Pops sat under the Pig and Duck, waiting.  His juju bag sat at his feet, and his divining material set up on the ground in the proper order: plastic bottle of juice; name tag that he found in the garbage; and three copies of Cavo-Relievo Magazine.  Squinting in the sun, reading another copy of the magazine, Philippa sauntered up.

She had an hourglass figure, with long legs and long, jet black hair. Philippa took off her sunglasses, put her hand on her hips, and glared at Pops. Putting down his reading, Pops looked her squarely in her eyes. He reached into his shirt pocket and took out a pencil, circling the air around her face.

“Stop that. I want to…”

“Shh, …shhhh! Ah, there. It’s off to the left of your head; your thoughts are wide open to me. Philippa, he does not love you.” He pointed the pencil down to the last magazine to her right.

“Shit.” She looked down at the top magazine, and there was a picture of Jorge with another woman. The photo moved: Jorge and the blonde embracing; Jorge taking off her dress; Jorge running his hands along this other woman’s body. Philippa shed tears, watching this unfold.

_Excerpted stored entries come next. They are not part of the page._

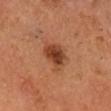Q: Was a biopsy performed?
A: catalogued during a skin exam; not biopsied
Q: What kind of image is this?
A: ~15 mm tile from a whole-body skin photo
Q: Patient demographics?
A: male, aged approximately 65
Q: Lesion location?
A: the head or neck
Q: How large is the lesion?
A: ≈4.5 mm
Q: What lighting was used for the tile?
A: cross-polarized illumination
Q: Automated lesion metrics?
A: an area of roughly 10 mm², a shape eccentricity near 0.65, and a shape-asymmetry score of about 0.3 (0 = symmetric); a lesion color around L≈41 a*≈24 b*≈32 in CIELAB, about 11 CIELAB-L* units darker than the surrounding skin, and a lesion-to-skin contrast of about 8.5 (normalized; higher = more distinct); a within-lesion color-variation index near 4.5/10; a nevus-likeness score of about 95/100 and a detector confidence of about 100 out of 100 that the crop contains a lesion
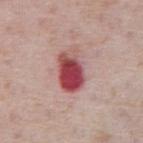{
  "biopsy_status": "not biopsied; imaged during a skin examination",
  "patient": {
    "sex": "male",
    "age_approx": 75
  },
  "automated_metrics": {
    "border_irregularity_0_10": 2.0,
    "color_variation_0_10": 10.0,
    "nevus_likeness_0_100": 0,
    "lesion_detection_confidence_0_100": 100
  },
  "image": {
    "source": "total-body photography crop",
    "field_of_view_mm": 15
  },
  "site": "abdomen",
  "lesion_size": {
    "long_diameter_mm_approx": 5.0
  },
  "lighting": "white-light"
}
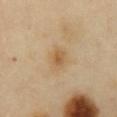No biopsy was performed on this lesion — it was imaged during a full skin examination and was not determined to be concerning. Measured at roughly 2.5 mm in maximum diameter. A female subject aged 58–62. A 15 mm close-up extracted from a 3D total-body photography capture. Imaged with cross-polarized lighting. The lesion is located on the abdomen.
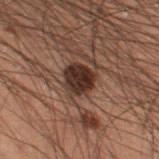– notes · no biopsy performed (imaged during a skin exam)
– anatomic site · the left thigh
– automated lesion analysis · a border-irregularity index near 2/10, a color-variation rating of about 3/10, and a peripheral color-asymmetry measure near 1
– image · 15 mm crop, total-body photography
– size · ≈3.5 mm
– illumination · cross-polarized illumination
– subject · male, aged around 55
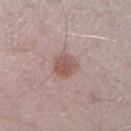biopsy_status: not biopsied; imaged during a skin examination
site: right lower leg
patient:
  sex: male
  age_approx: 40
image:
  source: total-body photography crop
  field_of_view_mm: 15
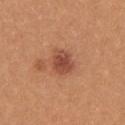Background:
The subject is a female aged 23 to 27. From the right upper arm. Cropped from a whole-body photographic skin survey; the tile spans about 15 mm.
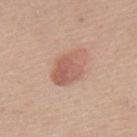Recorded during total-body skin imaging; not selected for excision or biopsy. A roughly 15 mm field-of-view crop from a total-body skin photograph. From the upper back. The tile uses white-light illumination. The recorded lesion diameter is about 5 mm. The total-body-photography lesion software estimated an eccentricity of roughly 0.75 and a symmetry-axis asymmetry near 0.2. It also reported an average lesion color of about L≈58 a*≈23 b*≈27 (CIELAB), a lesion–skin lightness drop of about 10, and a lesion-to-skin contrast of about 6.5 (normalized; higher = more distinct). It also reported a classifier nevus-likeness of about 90/100 and a lesion-detection confidence of about 100/100. The patient is a male aged around 60.
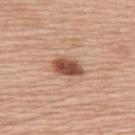Assessment:
The lesion was photographed on a routine skin check and not biopsied; there is no pathology result.
Image and clinical context:
A female subject, aged 63 to 67. Imaged with white-light lighting. On the upper back. A region of skin cropped from a whole-body photographic capture, roughly 15 mm wide.
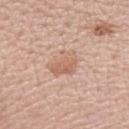This lesion was catalogued during total-body skin photography and was not selected for biopsy.
Automated tile analysis of the lesion measured an average lesion color of about L≈62 a*≈20 b*≈30 (CIELAB), a lesion–skin lightness drop of about 8, and a lesion-to-skin contrast of about 6 (normalized; higher = more distinct).
Cropped from a whole-body photographic skin survey; the tile spans about 15 mm.
The lesion is located on the arm.
Approximately 3.5 mm at its widest.
A female subject about 35 years old.
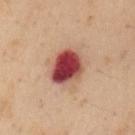<lesion>
<patient>
  <sex>male</sex>
  <age_approx>55</age_approx>
</patient>
<site>left upper arm</site>
<image>
  <source>total-body photography crop</source>
  <field_of_view_mm>15</field_of_view_mm>
</image>
<lighting>cross-polarized</lighting>
</lesion>
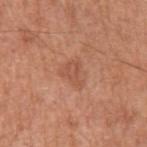Clinical impression:
No biopsy was performed on this lesion — it was imaged during a full skin examination and was not determined to be concerning.
Context:
The patient is a male aged approximately 65. The lesion is located on the left upper arm. A roughly 15 mm field-of-view crop from a total-body skin photograph.
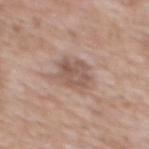workup=imaged on a skin check; not biopsied
image=~15 mm crop, total-body skin-cancer survey
diameter=≈3.5 mm
subject=male, aged approximately 60
site=the front of the torso
TBP lesion metrics=a color-variation rating of about 4/10 and a peripheral color-asymmetry measure near 1.5
illumination=white-light
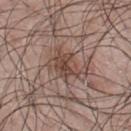notes: imaged on a skin check; not biopsied
illumination: white-light
location: the upper back
subject: male, aged 43 to 47
acquisition: ~15 mm tile from a whole-body skin photo
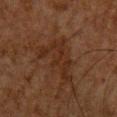{
  "automated_metrics": {
    "area_mm2_approx": 15.0,
    "eccentricity": 0.7,
    "shape_asymmetry": 0.6,
    "nevus_likeness_0_100": 0,
    "lesion_detection_confidence_0_100": 90
  },
  "site": "chest",
  "patient": {
    "sex": "male",
    "age_approx": 65
  },
  "image": {
    "source": "total-body photography crop",
    "field_of_view_mm": 15
  },
  "lesion_size": {
    "long_diameter_mm_approx": 6.0
  },
  "lighting": "cross-polarized"
}
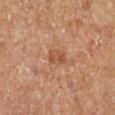This lesion was catalogued during total-body skin photography and was not selected for biopsy. Located on the left lower leg. This image is a 15 mm lesion crop taken from a total-body photograph. The patient is female. The tile uses cross-polarized illumination.
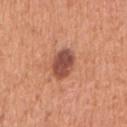Imaged during a routine full-body skin examination; the lesion was not biopsied and no histopathology is available.
Imaged with white-light lighting.
The patient is a female roughly 55 years of age.
On the right upper arm.
This image is a 15 mm lesion crop taken from a total-body photograph.
The lesion's longest dimension is about 3.5 mm.
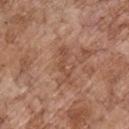Recorded during total-body skin imaging; not selected for excision or biopsy.
Automated image analysis of the tile measured a mean CIELAB color near L≈49 a*≈22 b*≈30, about 8 CIELAB-L* units darker than the surrounding skin, and a normalized lesion–skin contrast near 6. It also reported border irregularity of about 8.5 on a 0–10 scale, a color-variation rating of about 0/10, and a peripheral color-asymmetry measure near 0. It also reported a lesion-detection confidence of about 100/100.
This image is a 15 mm lesion crop taken from a total-body photograph.
From the chest.
A male patient, aged 68–72.
The recorded lesion diameter is about 4.5 mm.
Imaged with white-light lighting.
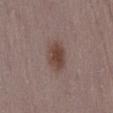| key | value |
|---|---|
| follow-up | catalogued during a skin exam; not biopsied |
| subject | female, about 50 years old |
| acquisition | ~15 mm tile from a whole-body skin photo |
| lighting | white-light |
| lesion size | ≈3.5 mm |
| location | the abdomen |
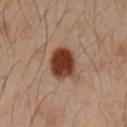- follow-up: total-body-photography surveillance lesion; no biopsy
- patient: male, approximately 50 years of age
- location: the mid back
- diameter: ≈4.5 mm
- lighting: cross-polarized illumination
- automated metrics: an area of roughly 11 mm², a shape eccentricity near 0.7, and a shape-asymmetry score of about 0.1 (0 = symmetric); an average lesion color of about L≈29 a*≈18 b*≈23 (CIELAB), a lesion–skin lightness drop of about 14, and a lesion-to-skin contrast of about 13 (normalized; higher = more distinct); an automated nevus-likeness rating near 100 out of 100
- image source: 15 mm crop, total-body photography
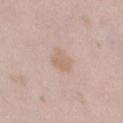Imaged during a routine full-body skin examination; the lesion was not biopsied and no histopathology is available.
Cropped from a whole-body photographic skin survey; the tile spans about 15 mm.
A female patient, roughly 25 years of age.
The lesion-visualizer software estimated an average lesion color of about L≈64 a*≈16 b*≈28 (CIELAB) and a lesion-to-skin contrast of about 5.5 (normalized; higher = more distinct). The software also gave internal color variation of about 1.5 on a 0–10 scale and a peripheral color-asymmetry measure near 0.5.
The tile uses white-light illumination.
On the left thigh.
The lesion's longest dimension is about 3 mm.
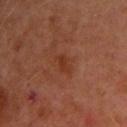Imaged during a routine full-body skin examination; the lesion was not biopsied and no histopathology is available. The lesion-visualizer software estimated a lesion area of about 3 mm², an outline eccentricity of about 0.9 (0 = round, 1 = elongated), and two-axis asymmetry of about 0.4. The software also gave a mean CIELAB color near L≈30 a*≈23 b*≈29, a lesion–skin lightness drop of about 5, and a normalized lesion–skin contrast near 6.5. The software also gave an automated nevus-likeness rating near 0 out of 100. Cropped from a whole-body photographic skin survey; the tile spans about 15 mm. Measured at roughly 2.5 mm in maximum diameter. The patient is a male aged 63 to 67. Captured under cross-polarized illumination. Located on the right upper arm.
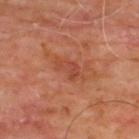workup=total-body-photography surveillance lesion; no biopsy
lighting=cross-polarized
image source=total-body-photography crop, ~15 mm field of view
subject=male, aged approximately 65
body site=the upper back
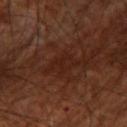Impression: Imaged during a routine full-body skin examination; the lesion was not biopsied and no histopathology is available. Background: The lesion-visualizer software estimated a lesion area of about 5.5 mm², a shape eccentricity near 0.85, and a shape-asymmetry score of about 0.5 (0 = symmetric). It also reported a color-variation rating of about 2/10. And it measured a nevus-likeness score of about 0/100 and lesion-presence confidence of about 80/100. A lesion tile, about 15 mm wide, cut from a 3D total-body photograph. Approximately 4 mm at its widest. Captured under cross-polarized illumination. The lesion is located on the right thigh. A male subject approximately 70 years of age.
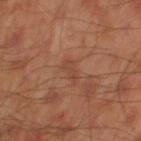subject: male, approximately 45 years of age
lesion size: ≈3 mm
illumination: cross-polarized illumination
site: the left thigh
acquisition: ~15 mm tile from a whole-body skin photo
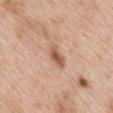Recorded during total-body skin imaging; not selected for excision or biopsy. The lesion is on the mid back. An algorithmic analysis of the crop reported a footprint of about 4.5 mm² and a symmetry-axis asymmetry near 0.25. The software also gave a lesion color around L≈57 a*≈21 b*≈31 in CIELAB and a lesion-to-skin contrast of about 8 (normalized; higher = more distinct). And it measured a classifier nevus-likeness of about 80/100 and a detector confidence of about 100 out of 100 that the crop contains a lesion. A female subject, aged approximately 40. A roughly 15 mm field-of-view crop from a total-body skin photograph.
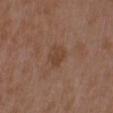Acquisition and patient details:
Captured under white-light illumination. The lesion is on the upper back. A 15 mm close-up tile from a total-body photography series done for melanoma screening. The lesion-visualizer software estimated about 7 CIELAB-L* units darker than the surrounding skin. The analysis additionally found a border-irregularity rating of about 3.5/10, a within-lesion color-variation index near 1.5/10, and peripheral color asymmetry of about 0.5. The patient is a female aged around 30. About 2.5 mm across.
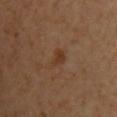A region of skin cropped from a whole-body photographic capture, roughly 15 mm wide. A female subject approximately 40 years of age. On the chest. This is a cross-polarized tile. Longest diameter approximately 2.5 mm.
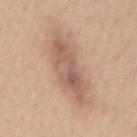Q: Was a biopsy performed?
A: catalogued during a skin exam; not biopsied
Q: How large is the lesion?
A: ≈8 mm
Q: Who is the patient?
A: female, in their mid-40s
Q: Where on the body is the lesion?
A: the mid back
Q: What kind of image is this?
A: 15 mm crop, total-body photography
Q: What lighting was used for the tile?
A: white-light
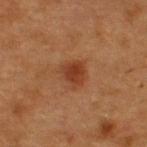notes: no biopsy performed (imaged during a skin exam)
patient: female, approximately 40 years of age
TBP lesion metrics: a nevus-likeness score of about 95/100 and lesion-presence confidence of about 100/100
acquisition: total-body-photography crop, ~15 mm field of view
anatomic site: the upper back
lesion size: about 3 mm
tile lighting: cross-polarized illumination
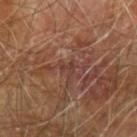patient: male, aged 68–72
body site: the left forearm
image-analysis metrics: a lesion area of about 2 mm², an eccentricity of roughly 0.65, and two-axis asymmetry of about 0.55; a classifier nevus-likeness of about 0/100 and a lesion-detection confidence of about 10/100
illumination: cross-polarized
imaging modality: 15 mm crop, total-body photography
diameter: about 2 mm

Pops put his foot on top of the magazine with Jorge, grinding it back and forth. The paper tore and shredded under his feet. Philippa started to scream “NO,” but felt that urge drift away.

She put money into Pop’s hands and went back to her car.



Stuart Nager is a creative individual with many areas of passion that he explores in his daily life:

Professional Storyteller; NYS Certified Drama Specialist/Educator; Teaching Artist; PUBLISHED Writer of Fiction; Playwright; Professional Development Coordinator & Facilitator; Workshop Leader; Arts-In-Education Advocate; Puppeteer;  Director; Performer; Curriculum Writer and Developer; and sometimes more, as the needs arise.

Check out his fiction writing blog (Tale Spinning) at: stuartnager.wordpress.com/  and his Arts-in-Education blog at:bornstoryteller.wordpress.com/

Stuart can be contacted at: stuart.nager@gmail.com;  website: www.bornstoryteller.com

I love comments, and I always visit back. Blogging is all about being a part of a community, and communities are about communication! Tweet me up @damyantig !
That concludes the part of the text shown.